Did carbon dioxide emission regulations inhibit investments? A provincial panel analysis of China
2018
Ge, Jianping | Lei, Yalin | Xu, Qun | Ma, Xiangrong
Investments, especially fixed asset investments, greatly affect carbon dioxide (CO₂) emissions. When investments are concentrated in regions with high CO₂ emissions and high fossil energy consumption, the CO₂ emission reduction targets in these areas are difficult to reach in the short term, and the cost of CO₂ emission abatement is high. The current CO₂ emission regulations focus on existing production activities and consumption behaviors. However, whether an investment, which may affect CO₂ emissions in the long term, is effectively inhibited by CO₂ emission regulations has not been investigated in previous studies.

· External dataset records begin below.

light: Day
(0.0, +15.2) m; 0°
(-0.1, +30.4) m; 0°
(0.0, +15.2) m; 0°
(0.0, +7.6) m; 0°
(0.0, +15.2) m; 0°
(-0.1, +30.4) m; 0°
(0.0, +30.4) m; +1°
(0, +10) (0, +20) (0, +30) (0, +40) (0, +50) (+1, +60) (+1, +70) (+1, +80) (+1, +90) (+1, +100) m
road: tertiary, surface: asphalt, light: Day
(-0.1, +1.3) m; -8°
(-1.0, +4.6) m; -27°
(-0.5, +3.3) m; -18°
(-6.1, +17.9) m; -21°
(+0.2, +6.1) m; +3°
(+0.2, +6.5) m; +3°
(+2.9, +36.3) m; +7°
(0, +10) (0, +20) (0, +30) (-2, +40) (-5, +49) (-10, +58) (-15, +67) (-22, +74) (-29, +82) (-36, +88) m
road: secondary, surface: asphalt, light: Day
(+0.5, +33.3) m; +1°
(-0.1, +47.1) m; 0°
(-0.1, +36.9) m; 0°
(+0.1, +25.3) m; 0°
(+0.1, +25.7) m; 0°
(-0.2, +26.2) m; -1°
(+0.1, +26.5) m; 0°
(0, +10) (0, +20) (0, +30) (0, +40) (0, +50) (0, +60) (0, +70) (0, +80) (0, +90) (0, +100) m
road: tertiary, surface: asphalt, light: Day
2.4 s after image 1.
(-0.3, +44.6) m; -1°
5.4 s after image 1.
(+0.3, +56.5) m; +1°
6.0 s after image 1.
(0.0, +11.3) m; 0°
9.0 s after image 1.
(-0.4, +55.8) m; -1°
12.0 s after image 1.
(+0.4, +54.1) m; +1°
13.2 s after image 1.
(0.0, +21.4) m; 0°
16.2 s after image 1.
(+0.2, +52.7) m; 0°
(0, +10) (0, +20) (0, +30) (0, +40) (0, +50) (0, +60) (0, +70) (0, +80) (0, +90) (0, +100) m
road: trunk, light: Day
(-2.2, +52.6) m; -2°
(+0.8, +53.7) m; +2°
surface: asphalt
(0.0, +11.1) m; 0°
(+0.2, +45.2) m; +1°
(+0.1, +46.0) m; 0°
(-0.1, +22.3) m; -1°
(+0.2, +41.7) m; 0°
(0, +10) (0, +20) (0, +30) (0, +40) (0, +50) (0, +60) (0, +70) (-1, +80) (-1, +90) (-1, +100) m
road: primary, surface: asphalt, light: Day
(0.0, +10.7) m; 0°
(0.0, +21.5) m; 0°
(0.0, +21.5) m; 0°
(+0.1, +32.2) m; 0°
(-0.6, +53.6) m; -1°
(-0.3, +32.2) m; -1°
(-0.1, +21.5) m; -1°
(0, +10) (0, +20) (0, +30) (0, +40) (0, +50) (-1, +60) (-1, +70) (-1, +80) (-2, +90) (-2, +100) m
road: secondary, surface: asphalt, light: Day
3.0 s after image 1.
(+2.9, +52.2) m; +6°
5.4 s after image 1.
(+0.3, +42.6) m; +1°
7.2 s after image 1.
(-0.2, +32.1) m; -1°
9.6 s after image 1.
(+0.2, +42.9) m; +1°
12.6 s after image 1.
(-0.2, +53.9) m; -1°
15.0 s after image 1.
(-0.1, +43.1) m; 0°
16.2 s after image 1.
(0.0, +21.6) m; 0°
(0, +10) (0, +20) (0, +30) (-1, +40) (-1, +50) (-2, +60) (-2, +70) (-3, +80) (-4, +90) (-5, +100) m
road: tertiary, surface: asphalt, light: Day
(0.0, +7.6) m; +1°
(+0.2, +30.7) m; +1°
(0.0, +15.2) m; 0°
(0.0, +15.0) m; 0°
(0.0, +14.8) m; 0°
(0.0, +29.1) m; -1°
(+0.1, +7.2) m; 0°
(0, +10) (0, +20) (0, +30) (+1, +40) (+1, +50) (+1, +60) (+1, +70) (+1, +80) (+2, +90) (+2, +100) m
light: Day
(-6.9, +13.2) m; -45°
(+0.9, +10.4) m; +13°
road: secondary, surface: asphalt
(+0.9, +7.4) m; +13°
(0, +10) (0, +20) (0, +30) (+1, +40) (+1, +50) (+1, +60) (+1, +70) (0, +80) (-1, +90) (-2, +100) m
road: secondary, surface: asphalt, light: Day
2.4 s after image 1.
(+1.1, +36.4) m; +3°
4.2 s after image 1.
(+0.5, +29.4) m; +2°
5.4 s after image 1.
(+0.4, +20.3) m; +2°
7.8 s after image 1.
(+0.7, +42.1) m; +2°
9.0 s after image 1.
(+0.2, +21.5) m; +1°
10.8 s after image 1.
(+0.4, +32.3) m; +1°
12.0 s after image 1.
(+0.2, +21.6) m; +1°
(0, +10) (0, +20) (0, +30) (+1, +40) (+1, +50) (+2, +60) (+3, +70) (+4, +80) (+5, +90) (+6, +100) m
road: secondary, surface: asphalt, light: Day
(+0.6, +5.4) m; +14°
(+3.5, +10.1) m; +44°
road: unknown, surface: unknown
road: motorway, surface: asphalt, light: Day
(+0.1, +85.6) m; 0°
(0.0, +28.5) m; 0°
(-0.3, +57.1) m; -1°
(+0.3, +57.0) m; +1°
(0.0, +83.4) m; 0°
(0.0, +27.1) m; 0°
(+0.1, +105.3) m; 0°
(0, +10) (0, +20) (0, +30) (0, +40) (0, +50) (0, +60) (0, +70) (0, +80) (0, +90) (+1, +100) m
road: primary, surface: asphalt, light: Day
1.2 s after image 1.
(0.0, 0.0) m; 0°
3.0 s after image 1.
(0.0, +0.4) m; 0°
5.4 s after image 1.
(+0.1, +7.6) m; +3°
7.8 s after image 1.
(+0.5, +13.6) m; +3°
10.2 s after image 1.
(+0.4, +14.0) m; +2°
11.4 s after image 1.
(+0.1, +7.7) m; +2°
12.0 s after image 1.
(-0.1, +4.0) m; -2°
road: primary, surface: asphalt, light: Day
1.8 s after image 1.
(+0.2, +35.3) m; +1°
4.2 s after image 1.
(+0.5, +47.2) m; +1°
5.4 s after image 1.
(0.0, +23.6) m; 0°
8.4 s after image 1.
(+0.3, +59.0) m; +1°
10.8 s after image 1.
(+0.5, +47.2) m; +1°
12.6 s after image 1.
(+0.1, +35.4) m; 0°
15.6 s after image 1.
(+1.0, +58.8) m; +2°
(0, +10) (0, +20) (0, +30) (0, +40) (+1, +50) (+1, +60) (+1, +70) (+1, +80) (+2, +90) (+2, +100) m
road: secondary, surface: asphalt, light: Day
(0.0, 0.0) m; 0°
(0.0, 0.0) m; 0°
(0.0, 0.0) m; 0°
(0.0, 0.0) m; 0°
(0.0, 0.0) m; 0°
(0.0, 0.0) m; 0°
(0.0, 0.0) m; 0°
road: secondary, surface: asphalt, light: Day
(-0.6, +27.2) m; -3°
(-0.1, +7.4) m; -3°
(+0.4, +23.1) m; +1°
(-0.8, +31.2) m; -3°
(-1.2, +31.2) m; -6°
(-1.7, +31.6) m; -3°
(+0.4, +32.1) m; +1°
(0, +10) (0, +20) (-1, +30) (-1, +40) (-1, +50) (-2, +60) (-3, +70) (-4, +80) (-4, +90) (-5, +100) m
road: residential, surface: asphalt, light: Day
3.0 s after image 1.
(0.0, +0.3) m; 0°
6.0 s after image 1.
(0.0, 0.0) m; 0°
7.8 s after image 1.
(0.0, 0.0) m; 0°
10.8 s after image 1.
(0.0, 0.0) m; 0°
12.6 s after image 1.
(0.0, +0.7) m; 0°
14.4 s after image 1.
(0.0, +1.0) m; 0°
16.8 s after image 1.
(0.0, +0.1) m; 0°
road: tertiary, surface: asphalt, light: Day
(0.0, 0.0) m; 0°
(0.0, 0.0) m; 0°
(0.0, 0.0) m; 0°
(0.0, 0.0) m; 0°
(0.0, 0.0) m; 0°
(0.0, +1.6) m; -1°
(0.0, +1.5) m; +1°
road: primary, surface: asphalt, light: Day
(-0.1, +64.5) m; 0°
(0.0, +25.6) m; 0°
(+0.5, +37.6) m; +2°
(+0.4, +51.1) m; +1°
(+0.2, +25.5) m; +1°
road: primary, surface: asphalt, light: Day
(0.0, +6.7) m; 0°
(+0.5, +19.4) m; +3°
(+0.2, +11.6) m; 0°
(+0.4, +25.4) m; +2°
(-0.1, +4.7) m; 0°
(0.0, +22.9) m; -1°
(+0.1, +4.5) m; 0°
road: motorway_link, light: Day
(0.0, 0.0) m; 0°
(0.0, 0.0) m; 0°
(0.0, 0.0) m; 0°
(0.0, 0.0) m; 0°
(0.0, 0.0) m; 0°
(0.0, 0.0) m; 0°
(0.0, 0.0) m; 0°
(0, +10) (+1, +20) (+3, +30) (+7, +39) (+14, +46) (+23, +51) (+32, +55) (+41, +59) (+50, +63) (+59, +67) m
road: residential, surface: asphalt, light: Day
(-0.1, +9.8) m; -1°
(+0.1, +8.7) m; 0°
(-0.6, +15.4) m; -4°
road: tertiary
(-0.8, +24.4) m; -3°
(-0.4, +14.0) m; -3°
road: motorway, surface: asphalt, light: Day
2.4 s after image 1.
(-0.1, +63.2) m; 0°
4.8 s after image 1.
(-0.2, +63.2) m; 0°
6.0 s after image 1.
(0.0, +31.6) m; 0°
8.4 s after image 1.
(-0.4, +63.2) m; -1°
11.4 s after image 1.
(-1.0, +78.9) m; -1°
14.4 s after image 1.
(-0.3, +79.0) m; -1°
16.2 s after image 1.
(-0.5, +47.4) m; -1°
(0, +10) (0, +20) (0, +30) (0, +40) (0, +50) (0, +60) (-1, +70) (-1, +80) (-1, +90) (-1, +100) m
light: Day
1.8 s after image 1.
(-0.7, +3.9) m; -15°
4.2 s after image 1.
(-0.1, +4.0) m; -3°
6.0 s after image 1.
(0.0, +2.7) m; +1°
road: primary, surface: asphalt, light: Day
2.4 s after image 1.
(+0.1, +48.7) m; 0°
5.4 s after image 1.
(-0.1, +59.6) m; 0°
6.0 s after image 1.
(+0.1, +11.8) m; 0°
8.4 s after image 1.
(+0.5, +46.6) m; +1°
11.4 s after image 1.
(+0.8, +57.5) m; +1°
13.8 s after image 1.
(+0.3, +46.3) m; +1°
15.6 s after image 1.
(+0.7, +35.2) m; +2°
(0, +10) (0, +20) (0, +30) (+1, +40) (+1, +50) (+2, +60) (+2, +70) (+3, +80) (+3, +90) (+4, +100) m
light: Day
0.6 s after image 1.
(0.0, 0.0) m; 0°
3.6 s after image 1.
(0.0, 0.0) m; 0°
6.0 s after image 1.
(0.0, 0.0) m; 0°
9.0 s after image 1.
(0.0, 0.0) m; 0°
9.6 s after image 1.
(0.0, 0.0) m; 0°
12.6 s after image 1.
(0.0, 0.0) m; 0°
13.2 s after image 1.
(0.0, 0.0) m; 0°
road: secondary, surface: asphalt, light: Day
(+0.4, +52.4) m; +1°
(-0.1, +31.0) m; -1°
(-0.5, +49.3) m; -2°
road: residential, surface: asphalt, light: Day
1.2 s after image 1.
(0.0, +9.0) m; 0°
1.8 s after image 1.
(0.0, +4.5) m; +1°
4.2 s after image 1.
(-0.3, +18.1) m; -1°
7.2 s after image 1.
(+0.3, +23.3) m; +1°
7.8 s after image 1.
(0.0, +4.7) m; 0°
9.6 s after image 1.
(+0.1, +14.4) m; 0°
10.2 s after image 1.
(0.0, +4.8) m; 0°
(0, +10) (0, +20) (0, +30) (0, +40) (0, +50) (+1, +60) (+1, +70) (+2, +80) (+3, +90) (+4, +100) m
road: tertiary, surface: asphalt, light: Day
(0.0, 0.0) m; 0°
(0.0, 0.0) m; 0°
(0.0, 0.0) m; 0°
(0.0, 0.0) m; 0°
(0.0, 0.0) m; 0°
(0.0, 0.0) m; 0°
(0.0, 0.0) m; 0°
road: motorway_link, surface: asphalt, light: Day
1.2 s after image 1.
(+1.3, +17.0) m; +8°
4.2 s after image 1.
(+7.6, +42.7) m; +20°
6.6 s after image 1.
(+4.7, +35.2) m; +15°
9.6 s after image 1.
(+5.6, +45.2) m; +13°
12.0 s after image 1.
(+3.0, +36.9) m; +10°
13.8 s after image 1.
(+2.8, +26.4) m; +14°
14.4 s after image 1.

Using panel data from 30 provinces in China between 2003 and 2012, we tested whether the amount of provincial investment was constrained or promoted by the provincial CO₂ emission regulations by creating a panel model with provincial samples. The results revealed that CO₂ emission regulations did not inhibit the growth of an investment, but they stimulated investments to varying degrees in different provinces. A relatively positive result is that provinces with stronger CO₂ emission regulations exhibited a relatively small contribution to investment promotion, while provinces with weaker CO₂ reduction policies demonstrated a relatively large contribution to investment growth. We also found that investment was correlated with the growth rate of the gross domestic product (GDP) in the northeastern and western provinces. Finally, we proposed policy implications based on the utilization of policy tools from the perspectives of investment, energy structure, and local protectionism.